On July 17, the U.S. Court of Appeals for the Second Circuit decided the case of Olin Corporation v. OneBeacon America Insurance Company, an environmental insurance recovery lawsuit. Olin Corporation has filed such lawsuits against several of its insurance carriers with respect to the contamination indemnification claims generated by Olin Corporation’s ongoing cleanups at its manufacturing facilities around the country. The Court of Appeals affirmed Olin Corporation’s right to recover and also agreed with OneBeacon America Insurance Company (OneBeacon) that the U.S. District Court for the Southern District of New York should have factored in the “prior insurance provision” of OneBeacon’s policies “thereby reducing the limits of its policies by those of any prior policies covering the same loss.”

Olin Corporation first filed an insurance-coverage action in 1983 in the U.S. District Court for the District of Columbia seeking indemnification for environmental damage at Olin Corporation manufacturing sites throughout the U.S., and the action was transferred to the U.S. District Court for the Southern District of New York. Because of the volume of claims and locations involved, the District Court chose to address coverage on a site-by-site basis.

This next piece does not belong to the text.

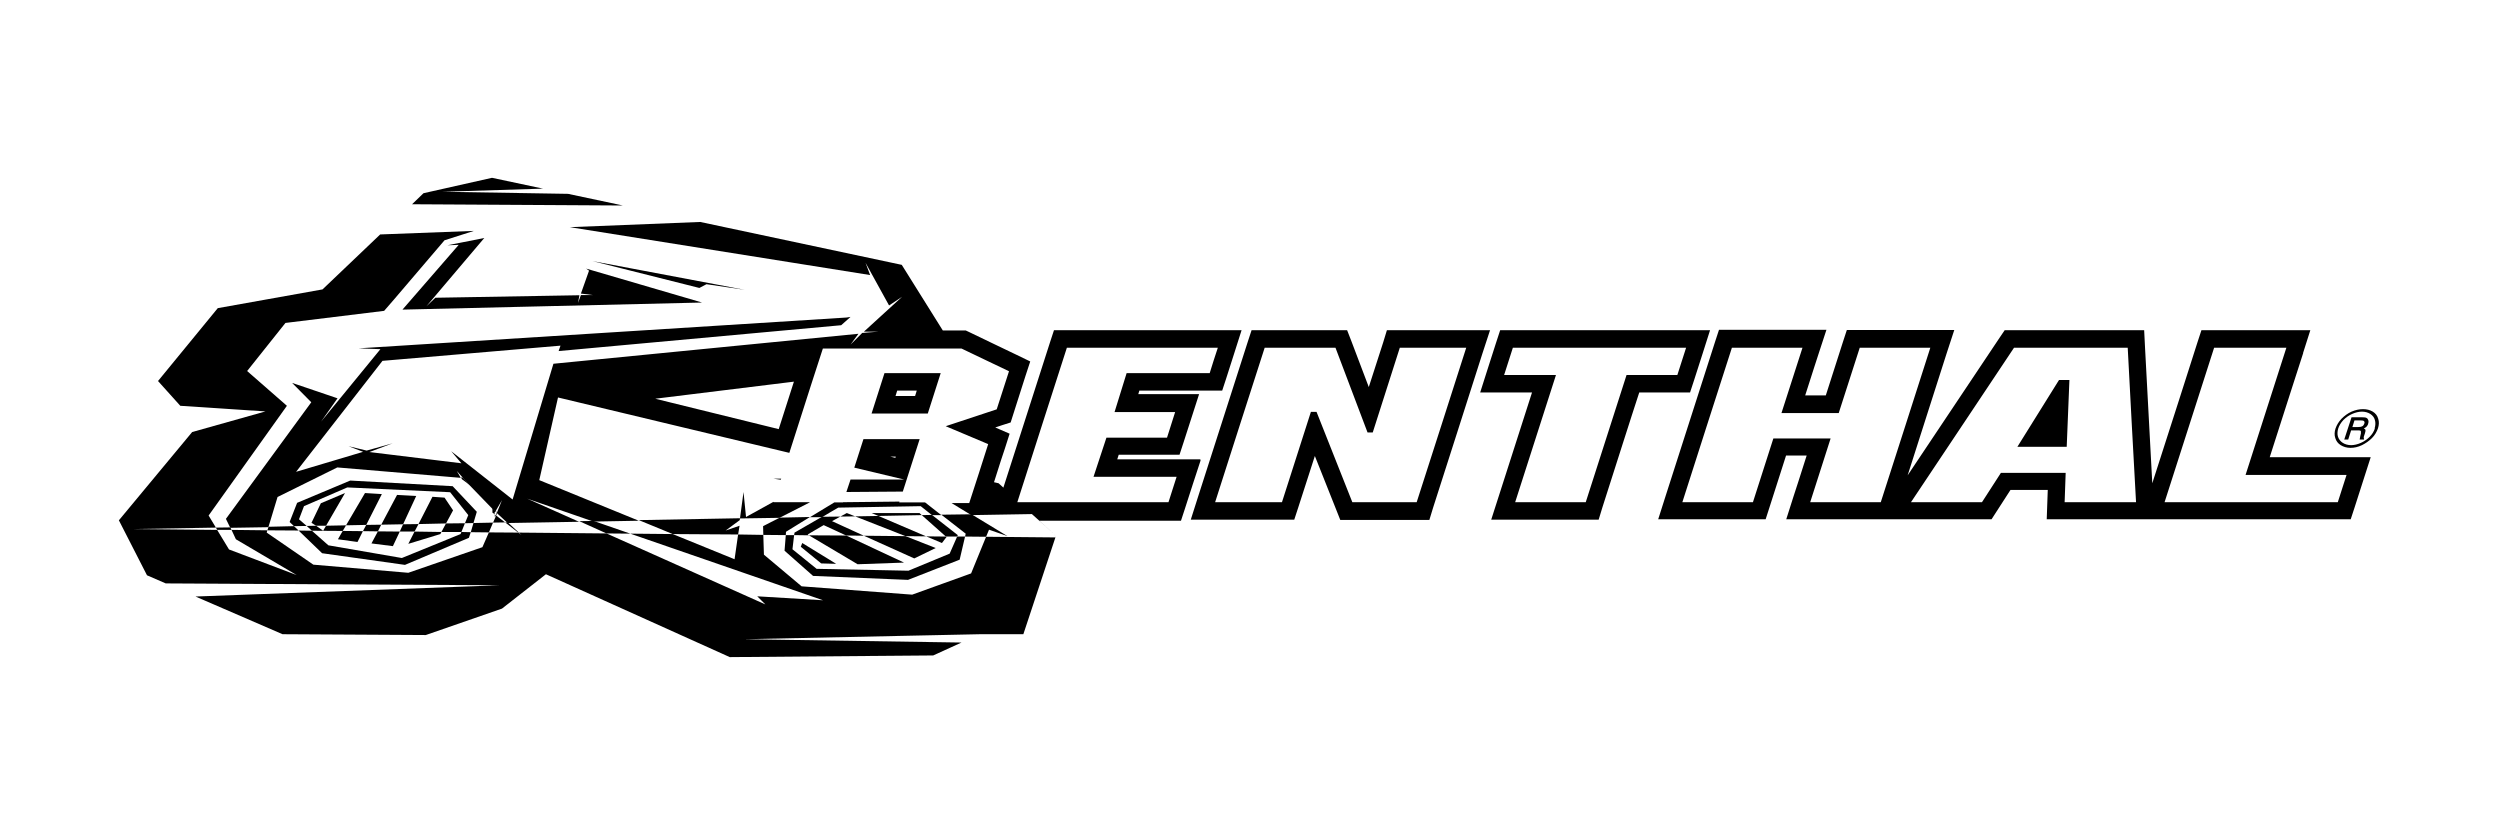 <svg id="Layer_1" data-name="Layer 1" xmlns="http://www.w3.org/2000/svg" version="1.1" viewBox="0 0 1200.7 400.9" width="1200.7" height="400.9"><defs><style>.cls-1{fill:#000;stroke-width:0}</style></defs><path class="cls-1" d="m272.8 93.1-60.3-1 48.3-1.5-24.5-5.2-32.9 7.4-5.5 5.3 101.3.6-26.4-5.6zM1142.2 201.1c-.4-1.5-1.3-2.6-2.6-3.4-1.3-.8-2.9-1.2-4.7-1.2s-3.6.4-5.5 1.2c-1.8.8-3.4 2-4.8 3.4-1.4 1.5-2.3 3-2.9 4.7-.5 1.6-.6 3.2-.1 4.6.4 1.4 1.3 2.6 2.6 3.4 1.3.8 2.9 1.3 4.7 1.3s3.6-.4 5.5-1.3c1.8-.9 3.4-2 4.8-3.4s2.3-3 2.9-4.7c.5-1.6.6-3.2.1-4.6zm-1.6 4.7c-.5 1.5-1.3 2.8-2.5 4-1.2 1.2-2.6 2.2-4.2 2.9-1.6.7-3.2 1.1-4.7 1.1s-2.9-.4-4-1.1c-1.1-.7-1.9-1.7-2.3-2.9-.4-1.2-.3-2.6.1-4 .5-1.5 1.3-2.8 2.5-4.1 1.2-1.2 2.6-2.2 4.2-2.9 1.6-.7 3.2-1.1 4.7-1.1s2.9.4 4 1.1c1.1.7 1.9 1.7 2.2 2.9.4 1.3.3 2.6-.1 4z"/><path class="cls-1" d="M1136.6 200.7c-.4-.2-1.2-.3-2.3-.3h-4.9l-3.5 10.7h1.9l1.4-4.4h2.9c.7 0 1.2 0 1.4.1.2 0 .4.2.4.4v1l-.3 1.3c-.1.6-.2 1.1-.3 1.6h2.1v-.3c-.2-.4-.2-.9 0-1.4l.4-1.2c.3-.8.3-1.3.3-1.6 0-.3-.3-.6-.8-.8.7-.4 1.2-.7 1.4-1 .3-.4.6-.8.7-1.4.2-.6.2-1.2 0-1.7s-.4-.8-.9-1zm-1.1 2.8c-.2.6-.6 1.1-1.1 1.3-.4.2-1 .3-1.8.3h-2.8l1-3.2h2.9c.9 0 1.5.1 1.7.4.3.3.3.7.1 1.2zM451.8 179.2h-27l-6.2 19.4h27l6.2-19.4zm-12.3 11h-9.4l.8-2.6h9.4l-.8 2.6zM143.6 249.4l2.4-6.3 20.8-9 49.4 2.3 8.7 11-1.6 3.9 4.1-.1 1.6-5.4-11.6-12.3-49.2-2.7-25.5 10.7-3.6 9.2 2.1 2 6.1-.1-3.7-3.2z"/><path class="cls-1" d="m214.2 251.4-2.2 4.1h9.6l1.7-4.2-9.1.1z"/><path class="cls-1" d="m194.5 271.3 30.7-13 .9-2.7-4.5-.1-.4 1L193 268l-35.3-6.1-7.9-7-6.4-.1 11.3 10.9 39.8 5.6zM227.4 251.2l-1.3 4.4 8.7.1 2-4.7-9.4.2zM238.3 247.6l-1.5 3.4 5.8-.1-4.3-3.3zM441.7 210.9h-27s-2.1 6.6-4.4 13.7l23.9 5.7h-25.7l-2 6 27.1-.2c2.8-8.7 8.1-25.2 8.1-25.2zm-11.7 9-2.4-.6h2.6c0 .2-.1.4-.2.6zM238.6 246.2l-.5 1.3.2.1.5-1.2-.2-.2zM237.7 248.4l.4-.9-.5-.5.1 1.4zM463.8 256.3l-.3 1.4 10.1.1 1.4-3.4 8.9 3.1-17.3-10.5-14.5.2 11.7 9.1z"/><path class="cls-1" d="m162.3 259 9.4 1.3 2.6-5.2-9.7-.1-2.3 4zM196.1 261.2l15.4-4.7.5-1-12.9-.2-3 5.9zM377.5 255.4l11.5-7.1-14.5.3-8 4.1.1 4.2 10.8.1.1-1.6zM175.9 252.1l-1.6 3 7.2.1 1.6-3.2-7.2.1zM199.9 238.2l-9.2-.5-7.6 14.3 10.5-.2 6.3-13.6zM178.4 261l10.3 1.3 3.3-7-10.5-.1-3.1 5.8zM154.1 241.7l-4.5 9.4 2.2 1.4h4.8l9.1-15.7-11.6 4.9z"/><path class="cls-1" d="m183.4 237.3-8.1-.5-9.1 15.5 9.7-.2 7.5-14.8zM213.5 239l-5.8-.4-6.7 13.1 13.2-.3 3.4-6.3-4.1-6.1zM302.7 256.3l-17.6-6.1-6.9.1 13.1 5.9 11.4.1zM375.1 229.9h-3.6l3.5.5c0-.2.1-.3.2-.5zM354.5 256.7l.7-4.2-6.7 2.3 6.8-5 .1-.9-48.6.9 16.3 6.7 31.4.2zM193.6 251.8l-1.6 3.5h7.1l1.9-3.6-7.4.1zM166.2 252.3l-9.6.2-1.4 2.4-3.4-2.4-4.5.1 2.5 2.3 14.8.1 1.6-2.7z"/><path class="cls-1" d="M576.5 220.6h-39.9l.7-2.2h29.2l1.9-5.8 7.5-23.3h-29.2l.5-1.7H587l1.9-5.8c.4-1.2 3.3-10.4 3.9-12.2l3.5-11h-90.1l-1.9 5.8c-.4 1.3-17.3 53.9-22.4 69.8l-2.3-2.1-2.2-.5c2.3-7.3 4.9-15.4 5.2-16.1l2.3-7.2-6.9-3c1.8-.6 3.1-1 3.3-1.1l4.1-1.3 1.3-4.1c.3-.8 5.5-17.1 5.8-18.2l2.3-7-6.6-3.2c-1.4-.7-22.2-10.6-22.7-10.9l-1.7-.8h-11l-19.7-31.5-96.8-20.6-62.6 2.5 144.2 23-2.2-5.9 11.3 20.5 6.3-4.2-18.4 16.8h6.9l-7.7.6-5.6 5.6 3.8-5.2-146.5 14.4-19.6 65.2-29.5-23.2 4.9 5.8-44.2-5.4 11.2-4.2-12.5 3.5-8.7-2.1 7 2.7-32.2 9.6 41.5-53.3 85.5-7.3-.9 2.6L404 156.2l4.5-4-1.9.3-234.4 14.8 10.5.4-28.5 34.8 7.9-11.2-21.8-7.4 9.2 9.3-41 56 2.1 4.3 18.3-.3 4.4-14.5 28.7-14.2 59.3 5-1.9-3.3 5.5 6.2 11.9 12.3 1.1 1 3.2-5.5-2.5 6.2 5.2 4.8 34.3-.6-24.9-11.1 31.8 11 21.8-.4-47.8-19.5 9-39.7 111.1 26.6c6.8-21.4 15.8-49.3 16.1-50.1h66.6c.5.3 21.4 10.2 22.8 10.9-.4 1.2-5.6 17.4-5.9 18.3-1 .3-24.5 8.1-24.5 8.1s18.9 8 20.4 8.6c-.4 1.3-8.6 27-9.1 28.3H457l9.5 5.8 29.1-.5 10.8 9.7-7.3-6.5h68.1l1.9-5.8c.4-1.1 3.3-10.4 3.9-12.1l3.6-11zM374 206.1l-59.3-14.6 66.6-8.2c-2.2 6.9-4.8 15-7.3 22.8zm187.1 35.1h-72.5c.7-2.2 23.3-72.8 23.8-74.2h72.5c-.6 1.8-3.6 11-3.9 12.2h-39.9l-5.8 18.7h29.1l-3.9 12.3h-29.1l-6.2 18.8h39.9c-.6 1.8-3.5 11-3.9 12.2zM411.9 271l22.3-.8-27.8-13-17.9-.1 23.4 13.9z"/><path class="cls-1" d="m505.6 258.1-32-.3-7.2 17.6-28.3 10.2-53.1-4-18.1-15.2-.3-9.5-12.1-.2-1.7 11.9-29.7-12.1-20.4-.2 92.6 32-31.6-1.9 3.9 3.9-76.3-34.1-42.1-.4 1.3 1.2-1.6-1.2-14.1-.1-3.1 7.1-35.6 12.3-45.6-3.9-22.4-15.4.3-1.1-17.2-.2 2.1 4.5 29.2 17.2-32.5-12.3-5.7-9.4-40.6-.4 40-.7-3.5-5.8 37.6-52.7-19.1-16.7 18.4-23.1 47.4-5.8 4.6-5.3 24.4-28.6 14.1-4.5-45 1.7-27.7 26.4-50.3 9-28.7 35 10.7 11.9 40.9 2.7-35.2 9.9-35.2 42.4 13.5 26.4 9 3.9 160.3.9-146 5.4 41.8 18.1 68.8.4 36.6-12.7 21.1-16.5 88.3 39.8 97.7-.8 13.6-6.2-104.3-1.6 113.2-2.4h20.8l15.4-46.5h-1.3z"/><path class="cls-1" d="m406.7 246.4-3.1 1.7 7.1-.1-4-1.6zM410.7 248l24.2 9.5 9.9.1-22.9-9.8-11.2.2zM214.9 117.8l5.4-.2-27 31.1 143.9-3.4-55.7-16.3 1.4 1-3.9 11 5.7.7H279l-1.4 3.8.7-3.7-69.2 1.2-4.3 4.1 27.8-32.8-17.7 3.5zM506.9 258.1v-.1l-.5-1.9.5 2zM388.9 241.2h-17.4v-.2l-13.2 7.3-1.2-12-1.7 12.7 19-.3 14.5-7.4zM357.7 139.2l-73.1-13.8 51.3 12.9 3.4-1.8 18.4 2.7z"/><path class="cls-1" d="m439.1 268.2 10.3-5-14.5-5.7-20-.2 24.2 10.9zM452.4 260.8l2.2-2.9-.3-.2-9.5-.1 7.6 3.2z"/><path class="cls-1" d="m456.1 265.9-19.8 8.2-44.1-.9-11.6-9.4.8-6.8h-4l-.6 7.5 13.7 12.1 45.6 1.9 24.8-9.7 2.6-11.1h-3.8l-3.6 8.2zM236.5 246.2l1.1.8-.1-.7.5-.8-1.1-1.1-.4-.4v2.2zM248.9 255.8h.3l-5.3-4.9h-1.3l6.3 4.9zM402.6 243.8l39.6-.7 5.4 4.3h4.5l-7.8-6.1h-12.4s0-.2.1-.4l-27.1.3v.1h-4.2l-11.7 7.1h5.8c0-.1 7.8-4.6 7.8-4.6zM238.6 246.2l.1-.1-.7-.7v.1l.6.7zM111.2 254.5l-.6-1.2-6.9.1.6 1.1h6.9z"/><path class="cls-1" d="m401.6 270.8-16.3-10-.7 1.8 9.8 8 7.2.2zM226 233.2l-1-1-2.7-2.8-.9-.1.5.9 4.1 3zM441.6 246.4h-23l3.3 1.4 20.8-.4-1.1-1zM143.4 254.8l-2.2-2.1-12.2.3-.6 1.7 15 .1zM454.3 257.7h5.4l.3-.7-12.4-9.7-4.9.1 11.6 10.3zM387.9 256.7l7.7-4.5 10.8 5 8.5.1-15.3-7 4-2.2-8.8.1-13.2 7.6-.2 1.2 7.1.1-.6-.4zM715.7 158.6h-49.6l-1.8 5.9c-.2.6-3.6 11.2-6.9 21.4-3.9-10.4-8-21.2-8.3-21.9l-2.1-5.4h-45.9l-1.9 5.8c-.4 1.3-23.1 72-23.8 74.2l-3.5 11h49.7l1.9-5.8c.2-.7 4.3-13.4 8-24.8 4.6 11.6 9.8 24.7 10.1 25.4l2.1 5.3h42.8l1.8-5.9c.4-1.3 23.1-72 23.7-74.1l3.6-11zm-35.3 82.6h-30.9c-.5-1.2-17.2-43.4-17.2-43.4h-2.7s-13.5 42-13.9 43.4h-32.1c.7-2.2 23.3-72.8 23.8-74.2h34c.5 1.3 15.4 40.7 15.4 40.7h2.5s12.6-39.4 13-40.7h31.9c-.7 2.2-23.3 72.8-23.8 74.2zM811.7 188.5l1.9-5.8c.4-1.2 3.6-11.2 4.2-13.1l3.5-11H720.5l-1.9 5.8c-.4 1.2-3.6 11.2-4.2 13.1l-3.5 11h24.9c-5.5 17.1-15.6 48.5-16.1 50.2l-3.5 10.9h51.6l1.8-5.9c.2-.6 5.1-15.9 9.9-31 3-9.3 5.9-18.5 7.8-24.2h24.4zm-30.5-8.4s-19.1 59.7-19.6 61.1h-33.9c.7-2.2 19.6-61.1 19.6-61.1h-24.9c.6-1.9 3.8-11.9 4.2-13.1h83.2c-.6 1.9-3.8 11.9-4.2 13.1h-24.4zM1106.1 169.6l3.5-11h-52.3l-1.9 5.8c-.3 1-15.9 49.8-21.7 67.7-1-19.3-3.4-64.2-3.5-65.5l-.4-8h-67l-2.5 3.7c-.5.8-31.3 46.8-44.1 66C923 207 934.5 171 935 169.5l3.6-11H887l-1.9 5.8c-.3 1-5.4 16.8-8.2 25.6H867c2.7-8.6 6.2-19.2 6.6-20.5l3.6-11h-51.6l-1.9 5.8c-.4 1.4-23.1 72-23.8 74.2l-3.5 11H848l1.9-5.9c.3-.9 5.1-16.1 7.9-24.7h9.9c-2.6 8.3-5.9 18.4-6.3 19.6l-3.5 11h98.6l9.1-14.1h17.9l-.5 14.1h146l1.9-5.8c.4-1.2 3.6-11.2 4.2-13.1l3.5-10.9h-48.5c5.5-17.3 15.6-48.5 16.1-50.1zm-202.8 71.6h-33.9c.7-2.1 9.8-30.6 9.8-30.6h-27.5s-9.4 29.2-9.8 30.6H808c.7-2.2 23.3-72.8 23.8-74.2h33.9c-.7 2.1-10.1 31.4-10.1 31.4h27.5s9.7-30.1 10.1-31.4h33.9c-.7 2.2-23.3 72.8-23.8 74.2zm88.3 0 .5-14.1H961l-9.1 14.1h-34.1c1.7-2.6 48.9-73.2 49.5-74.2h54.6c0 1.7 3.9 72.3 4 74.2h-34.2zm135.4-13.1c-.6 1.9-3.8 11.9-4.2 13.1h-83.2c.4-1.2 23.4-73.1 23.8-74.2h34.7c-.7 2.1-18.1 56.4-19.6 61.1h48.5z"/><path class="cls-1" d="M968.9 214.6h23.7l1.3-32.1h-5l-20 32.1zM273.6 109l-1.4-.2 1.4.2zM228.6 110.5l-1 .4 1-.4z"/></svg>

This appeal pertains to five particular Olin Corporation manufacturing sites, and salient issue before the District Court was the proper method for allocating loss at each site and to decide whether OneBeacon can reduce the limits of its liability because Olin Corporation had other policies to draw on. Olin Corporation initially notified OneBeacon of its claims under the policy in 1984, and kept the insurer informed of developments on a regular basis, but coverage was denied. These policies were affected by the adoption of a “pollution exclusion on January 1, 1971. The District Court stated that period of the policy’s coverage was therefore January 1, 1970 through December 31, 1970. The District Court summarily denied OneBeacon’s motion at oral argument, ruling from the bench:

The motion for summary judgment by OneBeacon is denied. . . . [T]he language that is critical is as follows: ‘It is agreed that if any loss covered hereunder is also covered in whole or in part under any other excess policy issued to the insured prior to the inception date hereof.’ I am holding that that applies to any other excess policy issued by the same insurer, not to other excess policies issued by miscellaneous possible insurers.

The District Court reasoned that:

The paragraph, in my view, if it is not limited as I have said, . . . would be hopelessly vague and subject to numerous possible factual issues in applying it. Also, it would relieve the insurer of possibly 100 percent liability on a policy for which substantial premiums were paid to obtain something other than possibly no liability.

The District Court awarded Olin Corporation $80 million in indemnifications costs. Olin Corporation’s remediation costs to date at these sites ranges from over $16 million to $300,000.

The Court of Appeals noted that between when judgment was first entered in this case and oral argument, the New York Court of Appeals issued its decision in In re Viking Pump, Inc. Under Viking Pump, the Court of Appeals concluded that Olin Corporation may “collect its total liability under any policy in effect during the periods that the damage occurred, up to the policy limits.” Moreover, it found that

Because the jury determined that property damage continued during the years in which Olin was covered by OneBeacon’s policies and that Olin did not expect or intend this damage (at least during the OneBeacon policy year at issue), Olin may pursue OneBeacon for full indemnification for its costs at these sites up to the policy limits for the 1970 year. Thus, OneBeacon’s total liability to Olin (before calculating prejudgment or post-judgment interest) after Viking Pump can be computed as Olin’s total remediation costs, less $300,000, at each of the manufacturing sites at issue, with Olin’s total recovery capped only by the relevant policy limits.

The matter was remanded to the District Court to calculate damages on the basis of the methodology dictated by Viking Pump.